We had debated about whether or not to eat there. After all, those stars don't come cheaply. Not for the chef. Certainly not for the customer. But as one of our travelling companions pointed out, we're not likely to be back in Brussels in the immediate future, and wouldn't it be a shame to not eat in the nicest restaurant the city and probably the country has to offer? If we didn't, we'd always wonder what dinner might have been like.
Fortunately, we were able to get reservations only two weeks in advance. With most of Europe, and certainly the EU's capital, essentially shut down during August, we were able to circumvent the normal month-long lead time for reservations. Needless to say, we were quite excited, despite the fact that the restaurant requires that men wear a jacket and tie.
Even before you start eating at Comme Chez Soi, the restaurant makes an impression. The decor is done with a distinct nod to Horta, the father of Art Nouveau. With graceful curves, flowing lines, and delicate ornamentation the pictures on the restaurant's Flash-heavy web site simply don't do it justice.
Next the menu. The only thing I didn't like about the restaurant is that the most expensive prix fixe, the best the chef has to offer, requires 4 people at your table to order it. Since it didn't have universal appeal at our table, we couldn't get it. The other two menus only require a minimum of two people, which was easily doable. Indeed, three of us immediately went for the second-best menu.
This menu did have an advantage, however; for a small supplement, you could change your opener to be truffled pate de foie gras d'oie. Of course, eating it made me fume with jealousy that the Europeans can eat this whenever they wish (while duck liver pate is common in the U.S., goose liver pate is illegal for import and production). Well, I only fumed between bites. During the bites I was too busy exulting. Melissa and I each got a glass of Sauternes to go with our foie gras, one of the gourmet world's most classic pairings. You can't fault any meal that starts out like that.
Our next course was a "duet" of pike and herring, two pieces of each fish lightly cooked with a nice light sauce. We opted for a Sancerre to go with this dish, and I think it worked relatively well. This was followed by roasted guinea fowl with a cherry sauce, a modern re-interpretation of a Flemish classic. To go with this, I opted for a Guigal Cote Rotie. Probably something a little less powerful would have been fine, but I love Northern Rhone wines, and not only is Guigal a great producer, his Cote Rotie is said to be among his very best. This wine smelled like walking into a really high-end leather shop, and felt wonderful in the mouth. Oh, right. The food was good too.
Dessert was a selection of three "intense" chocolate desserts. Basically, three different types of preparation, featuring different levels of chocolate and different flavorings. Even I, who normally doesn't like coffee, enjoyed the chocolate and coffee mousse. As is de rigueur in nice restaurants these days, the meal was bracketed on one end by amuses-bouches, small delicacies which excite the palate and get it ready for the meal to come, and on the other by a mignardise, the small confections which come after the dessert, giving the mouth an opportunity to come down slowly.

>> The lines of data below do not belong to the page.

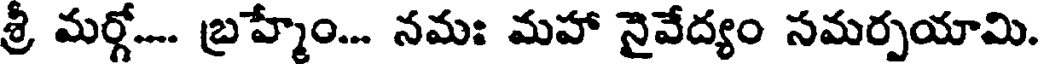
శ్రీ మర్గో... బ్రహ్మేం... నమః మహా నైవేద్యం సమర్పయామి.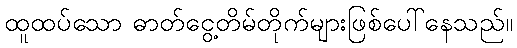
ထူထပ်သော ဓာတ်ငွေ့တိမ်တိုက်များဖြစ်ပေါ်နေသည်။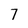
Character: 7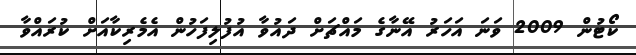
ކޯޓުން 2009 ވަނަ އަހަރު އޭނާގެ މައްޗަށް ދައުވާ އުފުލިފަހުން އެމެރިކާއަށް ކުރައްވާ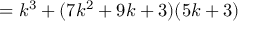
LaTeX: = k ^ { 3 } + ( 7 k ^ { 2 } + 9 k + 3 ) ( 5 k + 3 )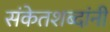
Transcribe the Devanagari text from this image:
संकेतशब्दांनी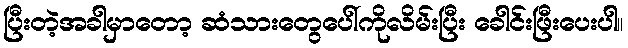
ပြီးတဲ့အခါမှာတော့ ဆံသားတွေပေါ်ကိုလိမ်းပြီး ခေါင်းဖြီးပေးပါ။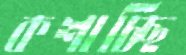
কশাচ্ছি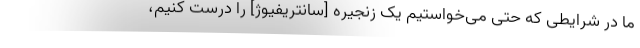
ما در شرایطی که حتی می‌خواستیم یک زنجیره [سانتریفیوژ] را درست کنیم،
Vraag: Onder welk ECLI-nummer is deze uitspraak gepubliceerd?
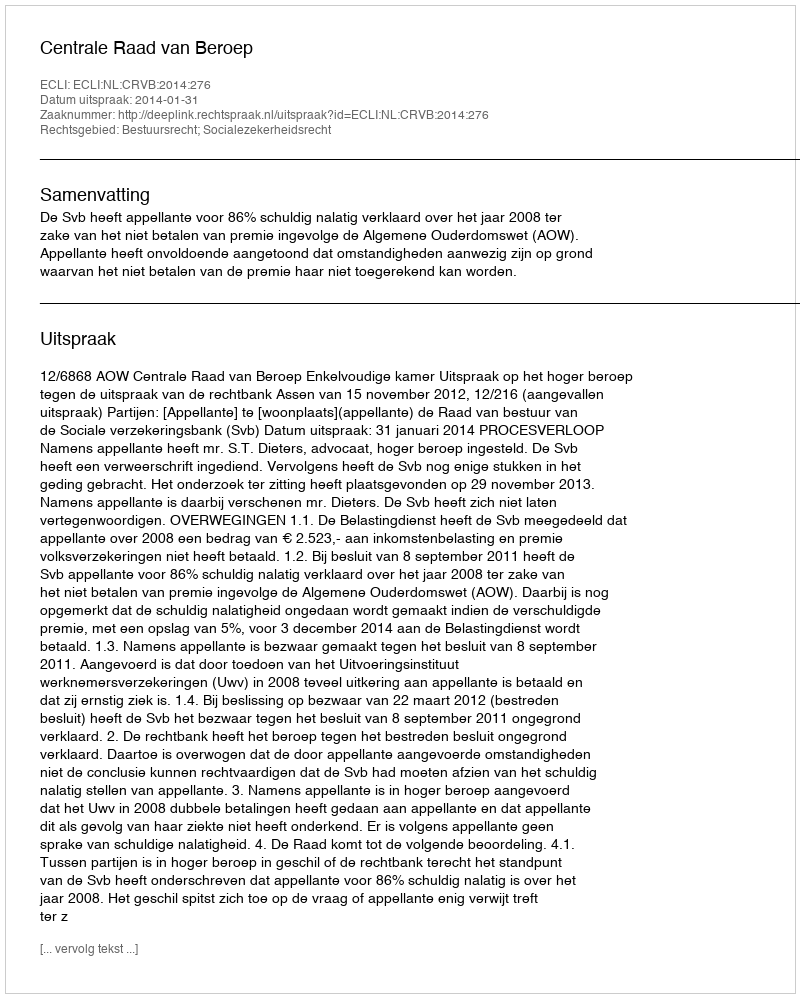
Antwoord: ECLI:NL:CRVB:2014:276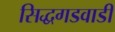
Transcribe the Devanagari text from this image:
सिद्धगडवाडी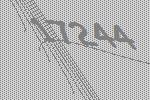
17244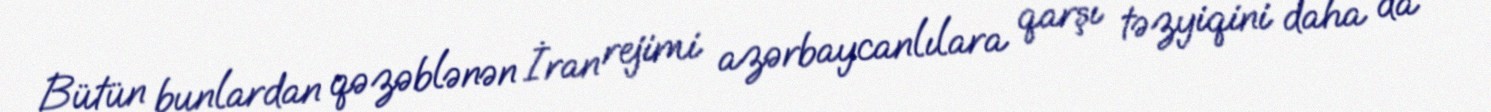
Bütün bunlardan qəzəblənən İran rejimi azərbaycanlılara qarşı təzyiqini daha da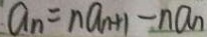
a _ { n } = n a _ { n + 1 } - n a _ { n }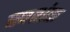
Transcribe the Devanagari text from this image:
स्पशंक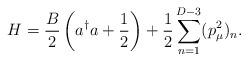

So dinner was pretty spectacular. I was impressed enough that I bought the restaurant's massive cookbook. Comme Chez Soi clearly earns its three stars, and it was worth the expense. But is it the best meal I've ever eaten? Well, no. It's probably second, but I'm beginning to realize that I have ruined myself for nice restaurants. Dinner at The French Laundry changes your perspective entirely, and I have a feeling that the only time I'm going to enjoy any meal more than the one I had at The French Laundry is some other meal there. Nonetheless, I have no problem looking for runners-up!